- What this task involves -
The whole listing, exactly as given: write it out, leaving out each image.

- Source data -
=======
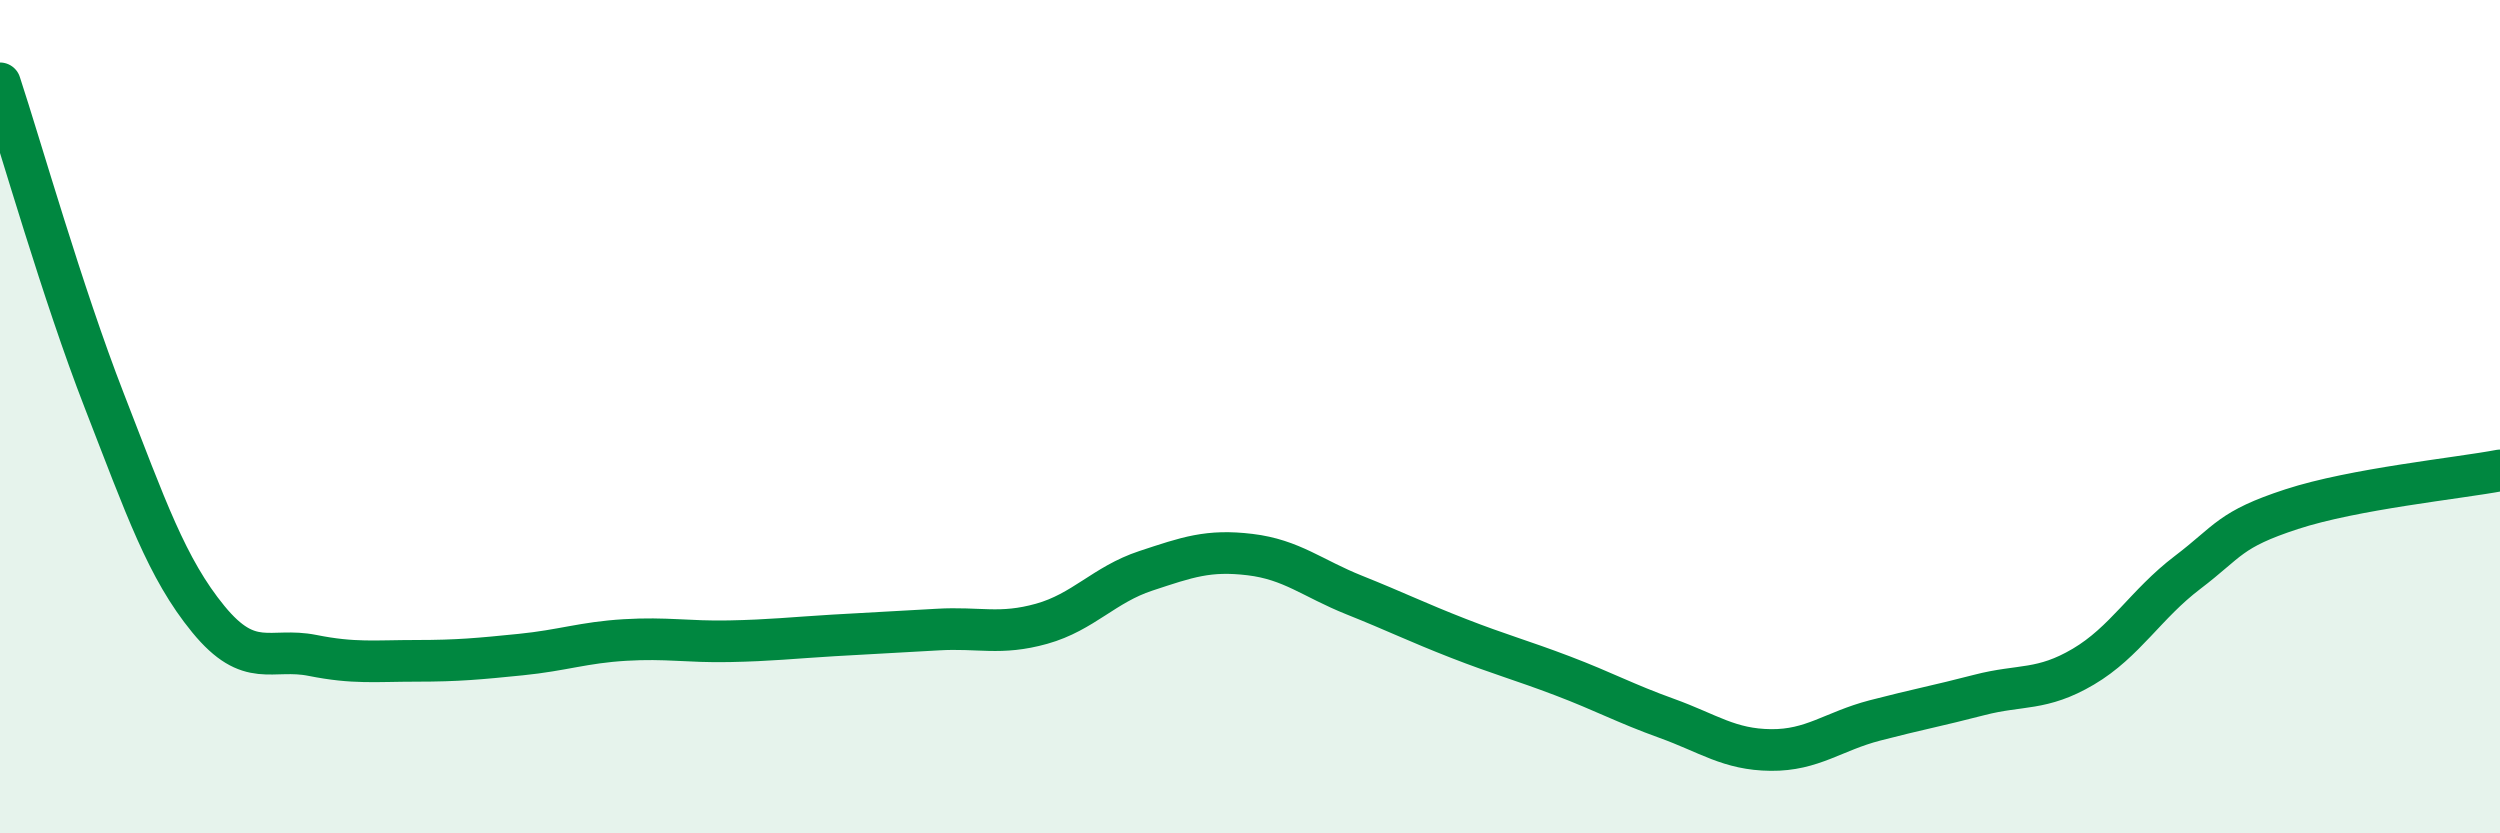 
    <svg width="60" height="20" viewBox="0 0 60 20" xmlns="http://www.w3.org/2000/svg">
      <path
        d="M 0,2 C 0.5,3.52 1.5,7.04 2.5,9.61 C 3.5,12.18 4,13.64 5,14.86 C 6,16.08 6.5,15.53 7.5,15.73 C 8.5,15.93 9,15.86 10,15.86 C 11,15.86 11.5,15.81 12.5,15.71 C 13.5,15.61 14,15.42 15,15.36 C 16,15.3 16.5,15.41 17.5,15.39 C 18.5,15.37 19,15.31 20,15.25 C 21,15.19 21.5,15.17 22.5,15.11 C 23.5,15.05 24,15.25 25,14.97 C 26,14.69 26.5,14.03 27.5,13.7 C 28.5,13.37 29,13.19 30,13.31 C 31,13.43 31.5,13.88 32.5,14.28 C 33.5,14.68 34,14.93 35,15.32 C 36,15.71 36.5,15.84 37.5,16.22 C 38.5,16.6 39,16.88 40,17.24 C 41,17.6 41.5,17.99 42.5,18 C 43.5,18.01 44,17.55 45,17.29 C 46,17.03 46.5,16.94 47.5,16.68 C 48.5,16.42 49,16.59 50,16 C 51,15.41 51.5,14.5 52.5,13.74 C 53.5,12.98 53.5,12.71 55,12.22 C 56.5,11.73 59,11.48 60,11.29L60 20L0 20Z"
        fill="#008740"
        opacity="0.1"
        stroke-linecap="round"
        stroke-linejoin="round"
      />
      <path
        d="M 0,2 C 0.5,3.52 1.5,7.04 2.5,9.61 C 3.5,12.18 4,13.64 5,14.86 C 6,16.08 6.5,15.53 7.5,15.73 C 8.5,15.93 9,15.86 10,15.86 C 11,15.86 11.5,15.81 12.5,15.71 C 13.5,15.61 14,15.42 15,15.36 C 16,15.3 16.5,15.41 17.5,15.39 C 18.5,15.37 19,15.31 20,15.25 C 21,15.19 21.5,15.17 22.5,15.11 C 23.5,15.05 24,15.25 25,14.97 C 26,14.69 26.5,14.03 27.5,13.7 C 28.5,13.37 29,13.19 30,13.31 C 31,13.43 31.5,13.88 32.5,14.28 C 33.5,14.68 34,14.93 35,15.32 C 36,15.71 36.5,15.84 37.5,16.22 C 38.5,16.6 39,16.88 40,17.24 C 41,17.6 41.5,17.99 42.5,18 C 43.5,18.01 44,17.55 45,17.29 C 46,17.03 46.5,16.94 47.5,16.68 C 48.5,16.42 49,16.59 50,16 C 51,15.41 51.5,14.5 52.5,13.74 C 53.5,12.98 53.5,12.71 55,12.22 C 56.5,11.73 59,11.48 60,11.29"
        stroke="#008740"
        stroke-width="1"
        fill="none"
        stroke-linecap="round"
        stroke-linejoin="round"
      />
    </svg>
=======
- Finished task -
    <svg width="60" height="20" viewBox="0 0 60 20" xmlns="http://www.w3.org/2000/svg">
      <path
        d="M 0,2 C 0.5,3.52 1.5,7.04 2.5,9.61 C 3.5,12.18 4,13.64 5,14.86 C 6,16.08 6.5,15.53 7.5,15.73 C 8.5,15.93 9,15.86 10,15.86 C 11,15.86 11.5,15.81 12.5,15.71 C 13.5,15.61 14,15.42 15,15.36 C 16,15.3 16.5,15.41 17.5,15.39 C 18.5,15.37 19,15.31 20,15.25 C 21,15.19 21.5,15.17 22.5,15.11 C 23.5,15.05 24,15.25 25,14.97 C 26,14.69 26.5,14.03 27.5,13.7 C 28.5,13.37 29,13.19 30,13.31 C 31,13.43 31.5,13.88 32.5,14.28 C 33.5,14.68 34,14.93 35,15.32 C 36,15.71 36.5,15.84 37.5,16.22 C 38.5,16.6 39,16.88 40,17.24 C 41,17.6 41.5,17.99 42.5,18 C 43.5,18.01 44,17.55 45,17.29 C 46,17.03 46.5,16.94 47.5,16.68 C 48.5,16.42 49,16.59 50,16 C 51,15.41 51.5,14.5 52.5,13.74 C 53.5,12.98 53.5,12.71 55,12.22 C 56.5,11.73 59,11.48 60,11.29L60 20L0 20Z"
        fill="#008740"
        opacity="0.1"
        stroke-linecap="round"
        stroke-linejoin="round"
      />
      <path
        d="M 0,2 C 0.5,3.52 1.5,7.04 2.5,9.61 C 3.5,12.18 4,13.64 5,14.86 C 6,16.08 6.5,15.53 7.5,15.73 C 8.5,15.93 9,15.86 10,15.86 C 11,15.86 11.5,15.81 12.5,15.71 C 13.5,15.61 14,15.42 15,15.36 C 16,15.3 16.5,15.41 17.5,15.39 C 18.5,15.37 19,15.31 20,15.25 C 21,15.19 21.5,15.17 22.5,15.11 C 23.5,15.05 24,15.25 25,14.97 C 26,14.69 26.5,14.03 27.5,13.7 C 28.5,13.37 29,13.19 30,13.31 C 31,13.43 31.5,13.88 32.5,14.28 C 33.5,14.68 34,14.93 35,15.32 C 36,15.71 36.5,15.84 37.5,16.22 C 38.5,16.6 39,16.88 40,17.24 C 41,17.6 41.5,17.99 42.5,18 C 43.5,18.01 44,17.55 45,17.29 C 46,17.03 46.5,16.94 47.5,16.68 C 48.5,16.42 49,16.59 50,16 C 51,15.41 51.5,14.5 52.5,13.74 C 53.5,12.98 53.5,12.71 55,12.22 C 56.5,11.73 59,11.48 60,11.29"
        stroke="#008740"
        stroke-width="1"
        fill="none"
        stroke-linecap="round"
        stroke-linejoin="round"
      />
    </svg>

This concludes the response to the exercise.